When we think of Art, we must take into careful consideration the three elements for understanding. The Maker. The Object. The Receiver. Without all three of those equal, triangulating elements, Art does not exist beyond the ordinariness of just being.
We often think of Art as a dyad: A conflicting synthesis between Maker and Receiver where the Receiver judges the effort of the Maker and the actual Object is just an afterthought.
Sometimes, we just look at the Object — the Art — and we are left wondering about context and intention, and without that information, we invent and conjure rationale and meaning and that does nothing to enlighten the Object we are admiring.
When it comes to judging Beauty in others, we have a standardized Human Universal Beautiful for exploitation, but we don’t really have an independent method for providing the same inherent value judgments for standalone Art without triangulation.
One person’s applied morality might be another’s public example of debauchery — and that is why Art triangulation is so important.
The Maker provides the vision and the means for that idea to take literal shape. Decisions are made about mass and volume and light and color and construction and texture.

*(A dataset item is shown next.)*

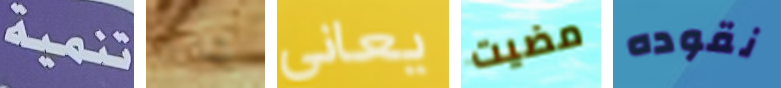
تنمية كلارك يعاني مضيت نقوده

The Object exists on its own only in the sense that its objectivity is bookended by the arc of belief of the Maker and the flow of understanding from the Receiver. The Object, without that context and confinement, becomes memeingless in relevance.
The Receiver is often given the most important, and unequal, role in the Art experience because of mass. There are more Receivers than there are Objects and Makers. That inequality in numbers must never outweigh, outvote, or out maneuver the delicate triad. No Receiver is more important than the Maker or the Object.
Triangulation creates the comprehendible whole. The Maker invents. The Object exists in a context of tension. The Receiver evaluates the Object.
I am reminded of the old business trope of Triangulation. You take a sheet of paper and draw a triangle. At each corner, you write one of these three words: “Cheap” “Good” and “Fast.” Then you give the paper to your client and say, “You can have any two of those things, but not all three. You can have it cheap and good, but not fast. You can have it good and fast, but not cheap. You can have it cheap and fast, but not good.” The trick is to convince your client that the triad is unattainable.
The separation between business and Art was never clearer — because in Art, you must have all three corners of the triangle to create a sustainable structure of substantial being — while business is built on the foundation of cutting at least one corner in order to survive in a objectified world.
Great article, David! I pass by a work of art (Object) every day that some Receivers decided wasn’t ‘good enough’ and they desecrated. I will explain more in a future article! It makes me sad to see the desecrated Object!
I like the three sides. Without one of the sides, you only have an angle, not a triangle. The third leg creates the immovable structure.
Well said, Anne! The structure of the meme requires the equal cooperation of all three sides!